Kepala Stasiun Meteorologi Kelas IV Pongtiku Tana Toraja, Burhanuddin, dalam penjelasannya ke redaksi kareba-toraja.com, menyatakan bahwa suhu yang terasa lebih dingin dari biasanya di Toraja tidak ada hubungannya dengan fenomena Aphelion.

Dalam uraiannya bersama forecaster Saefuddin Cipto Adi Raharjo, Burhanuddin menjelaskan bahwa ada dua faktor yang mempengaruhi suhu dingin.

Pertama, suhu dingin dapat dipengaruhi oleh ketinggian suatu tempat. “Semakin tinggi suatu tempat dari permukaan laut maka suhu akan semakin turun,” jelas Burhanuddin.

Lalu, mengapa suhu udara menurun terhadap ketinggian? Laju penurunan suhu udara terhadap ketinggian mengikuti dua konsep, yaitu secara adiabatis kering dan adiabatis basah.

  • Pada konsep adiabatis kering, udara dianggap kering tanpa uap air di mana Setiap kenaikan ketinggian 100 m maka suhu udara akan turun 1 °C.
  • Nilai laju adiabatik basah adalah 0.5 – 0.6 °C setiap perubahan ketinggian 100 m. Artinya setiap kenaikan ketinggian 100 m maka suhu udara akan turun 0.5 – 0.6 °C. Toraja dengan topografi pegunungan dan dataran tinggi tentu suhu akan berbeda dengan daerah di dataran rendah.

“Toraja dengan topografi pegunungan dan dataran tinggi tentu suhu akan berbeda dengan daerah di dataran rendah,” urai Burhanuddin.

Ilustrasi laju perubahan suhu udara berdasarkan ketinggian

Burhanuddin menjelaskan, menurut data dari Badan Pusat Statistik Kabupaten Tana Toraja tahun 2015, ketinggian wilayah Kabupaten Tana Toraja adalah yang terendah 736 meter di Makale Selatan dan tertinggi 1425 meter di Kecamatan Bittuang.

“Mari kita hitung perbedaan suhu di Kota makasar yang berada di 0 (nol) Mdpl (Meter Diatas Permukaan Laut) dengan suhu di Makale Selatan dengan ketinggian 736 Mdpl dengan ilustrasi laju perubahan suhu berdasarkan ketinggian. Jika suhu di kota makasar pada jam 05.00 WITA adalah 24,0oC maka penurunan suhu di Makale Selatan pada jam yang sama 05.00 WITA adalah 4,2oC sehingga suhu di Makale Selatan adalah 24oC – 4,2 oC = 19.8oC,” terangnya.

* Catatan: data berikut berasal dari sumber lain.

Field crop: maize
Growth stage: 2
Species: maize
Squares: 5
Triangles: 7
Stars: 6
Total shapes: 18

Dari data grafik pengukuran suhu minimum Stasiun Meteorologi Pongtiku Tana Toraja Tahun 2015 (Garis warna biru) suhu minimum terendah 13.6oC, Tahun 2016 (Garis warna hijau) suhu minimum terendah 15.0oC, Tahun 2017 (Garis warna ungu) suhu minimum terendah 16.0oC, Tahun 2018 (Garis warna orange) suhu minimum terendah 17.2oC, Tahun 2019 (Garis warna merah) suhu minimum terendah 13.6oC, Tahun 2020 (Garis warna kuning) suhu minimum terendah 16.2oC dan Tahun 2021 (Garis warna hitam) suhu minimum 17.4oC (update data sampai dengan tanggal 22 Juli 2021). Suhu minimum pada bulan juli 2021 yaitu 17.4oC yang terjadi pada tanggal 06 Juli dan bertepatan dengan Aphelion merupakan hal yang normal terjadi karena pada rentang tahun 2015 hingga tahun 2020 suhu minimum di Toraja pada bulan Juli menurut data di atas masih lebih dingin dari yang terjadi pada tahun ini.

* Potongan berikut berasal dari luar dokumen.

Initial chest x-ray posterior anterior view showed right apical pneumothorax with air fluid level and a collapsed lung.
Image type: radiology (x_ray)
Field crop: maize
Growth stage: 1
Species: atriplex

Kedua, selain ketinggian, suhu dingin dapat dipengaruhi oleh pola angin. Pada bulan Juli posisi matahari berada di utara equator sehingga suhu di utara equator tinggi dan tekanan rendah sebaliknya di wilayah selatan equator akan mengalami suhu dingin dan tekanan tinggi, pola angin akan bertiup dari tekanan tinggi ke tekanan rendah atau dari benua Australia ke benua Asia. Ketika pola angin dingin dan kering dari daratan Australia yang melewati wilayah Indonesia akan berpengaruh terhadap suhu di wilayah Indonesia. Pola angin ini juga bisa disebut dengan monsun Australia yang berpengaruh terhadap pola musim di Indonesia yaitu musim kemarau.

Apakah Aphelion berpengaru terhadap suhu dingin di Toraja?

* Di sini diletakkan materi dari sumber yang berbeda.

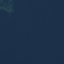
Land use / land cover: SeaLake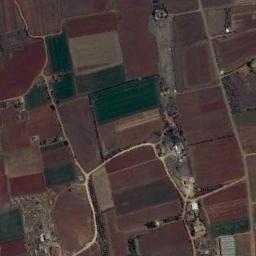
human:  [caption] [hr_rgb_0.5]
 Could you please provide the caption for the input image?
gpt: There are some green and red rectangular farmland .

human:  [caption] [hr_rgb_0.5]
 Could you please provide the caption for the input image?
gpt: There is a building beside the rectangular farmlands .

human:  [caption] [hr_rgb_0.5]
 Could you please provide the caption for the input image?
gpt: Many green, Tan and red-brown mixed-sized rectangular farmlands with villages around them .

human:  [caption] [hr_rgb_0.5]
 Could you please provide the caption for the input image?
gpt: Some rectangular farmlands of different colors and sizes are on the ground and some paths go through the farmlands .

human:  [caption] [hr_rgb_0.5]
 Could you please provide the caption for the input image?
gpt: There are many brown rectangular farmlands and two green ones .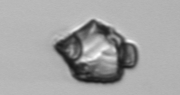
Label: Delphineis

Orbit bumi tidak sepenuhnya lingkaran sempurna, melainkan berbentuk elips. Sehingga setiap tahunnya bumi berada pada jarak terdekat dengan matahari 147.5 juta km yang disebut perihelion yang terjadi setiap Januari, dan berada pada jarak terjauh dari Matahari 156.2 juta km yang disebut sebagai aphelion yang terjadi setiap Juli. Dan kejadian ini akan selalu berulang setiap tahunnya.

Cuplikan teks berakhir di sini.